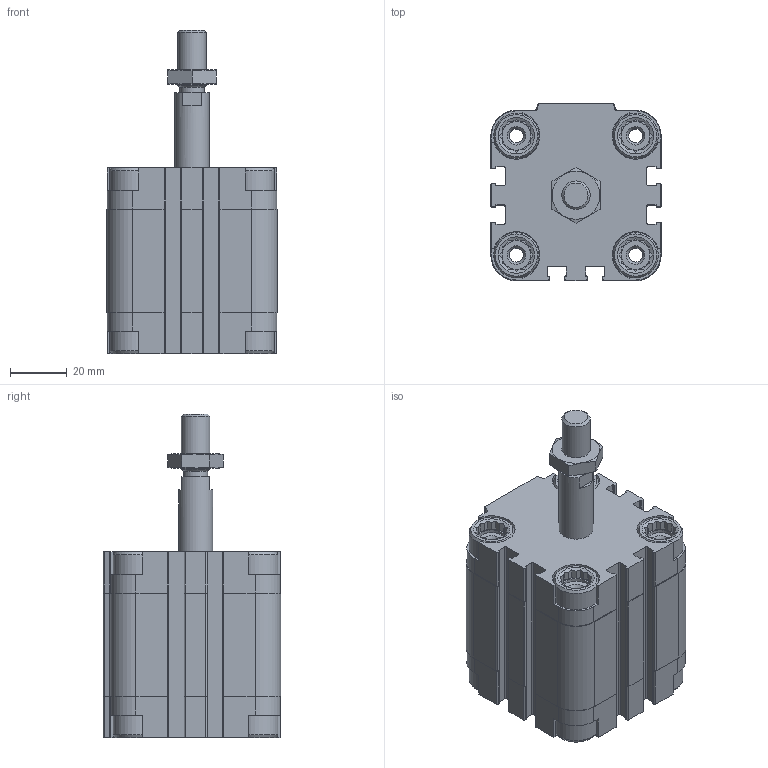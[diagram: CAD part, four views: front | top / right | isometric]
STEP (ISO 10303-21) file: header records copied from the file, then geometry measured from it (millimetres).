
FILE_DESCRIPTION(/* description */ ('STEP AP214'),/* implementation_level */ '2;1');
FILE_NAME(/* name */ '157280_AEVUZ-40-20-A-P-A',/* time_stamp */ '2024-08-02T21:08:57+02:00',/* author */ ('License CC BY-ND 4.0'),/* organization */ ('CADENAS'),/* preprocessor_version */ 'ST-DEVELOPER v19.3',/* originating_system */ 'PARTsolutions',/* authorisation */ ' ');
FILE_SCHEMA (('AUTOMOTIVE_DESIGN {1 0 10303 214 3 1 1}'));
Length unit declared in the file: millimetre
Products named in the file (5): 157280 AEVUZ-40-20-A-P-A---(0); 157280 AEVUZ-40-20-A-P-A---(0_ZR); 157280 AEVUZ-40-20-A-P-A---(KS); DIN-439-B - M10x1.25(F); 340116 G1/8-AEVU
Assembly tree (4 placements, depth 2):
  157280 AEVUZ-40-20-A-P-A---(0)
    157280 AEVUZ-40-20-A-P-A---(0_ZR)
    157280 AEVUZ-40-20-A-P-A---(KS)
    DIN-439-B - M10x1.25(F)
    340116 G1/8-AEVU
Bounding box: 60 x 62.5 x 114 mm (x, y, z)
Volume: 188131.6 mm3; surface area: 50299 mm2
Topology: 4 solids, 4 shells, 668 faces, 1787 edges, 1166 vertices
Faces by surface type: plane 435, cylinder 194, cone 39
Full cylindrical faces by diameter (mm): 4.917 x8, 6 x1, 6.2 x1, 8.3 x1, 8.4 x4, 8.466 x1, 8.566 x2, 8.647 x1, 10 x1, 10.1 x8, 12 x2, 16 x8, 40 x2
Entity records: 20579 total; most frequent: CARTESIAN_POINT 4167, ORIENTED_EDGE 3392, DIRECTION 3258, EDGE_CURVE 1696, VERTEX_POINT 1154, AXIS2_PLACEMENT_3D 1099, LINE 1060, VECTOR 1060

ASSIGNMENT:
In the answer, return exactly the lines from the line containing "0 10303 214" to the end of the records above, and no others.

EXPECTED ANSWER:
FILE_SCHEMA (('AUTOMOTIVE_DESIGN {1 0 10303 214 3 1 1}'));
Length unit declared in the file: millimetre
Products named in the file (5): 157280 AEVUZ-40-20-A-P-A---(0); 157280 AEVUZ-40-20-A-P-A---(0_ZR); 157280 AEVUZ-40-20-A-P-A---(KS); DIN-439-B - M10x1.25(F); 340116 G1/8-AEVU
Assembly tree (4 placements, depth 2):
  157280 AEVUZ-40-20-A-P-A---(0)
    157280 AEVUZ-40-20-A-P-A---(0_ZR)
    157280 AEVUZ-40-20-A-P-A---(KS)
    DIN-439-B - M10x1.25(F)
    340116 G1/8-AEVU
Bounding box: 60 x 62.5 x 114 mm (x, y, z)
Volume: 188131.6 mm3; surface area: 50299 mm2
Topology: 4 solids, 4 shells, 668 faces, 1787 edges, 1166 vertices
Faces by surface type: plane 435, cylinder 194, cone 39
Full cylindrical faces by diameter (mm): 4.917 x8, 6 x1, 6.2 x1, 8.3 x1, 8.4 x4, 8.466 x1, 8.566 x2, 8.647 x1, 10 x1, 10.1 x8, 12 x2, 16 x8, 40 x2
Entity records: 20579 total; most frequent: CARTESIAN_POINT 4167, ORIENTED_EDGE 3392, DIRECTION 3258, EDGE_CURVE 1696, VERTEX_POINT 1154, AXIS2_PLACEMENT_3D 1099, LINE 1060, VECTOR 1060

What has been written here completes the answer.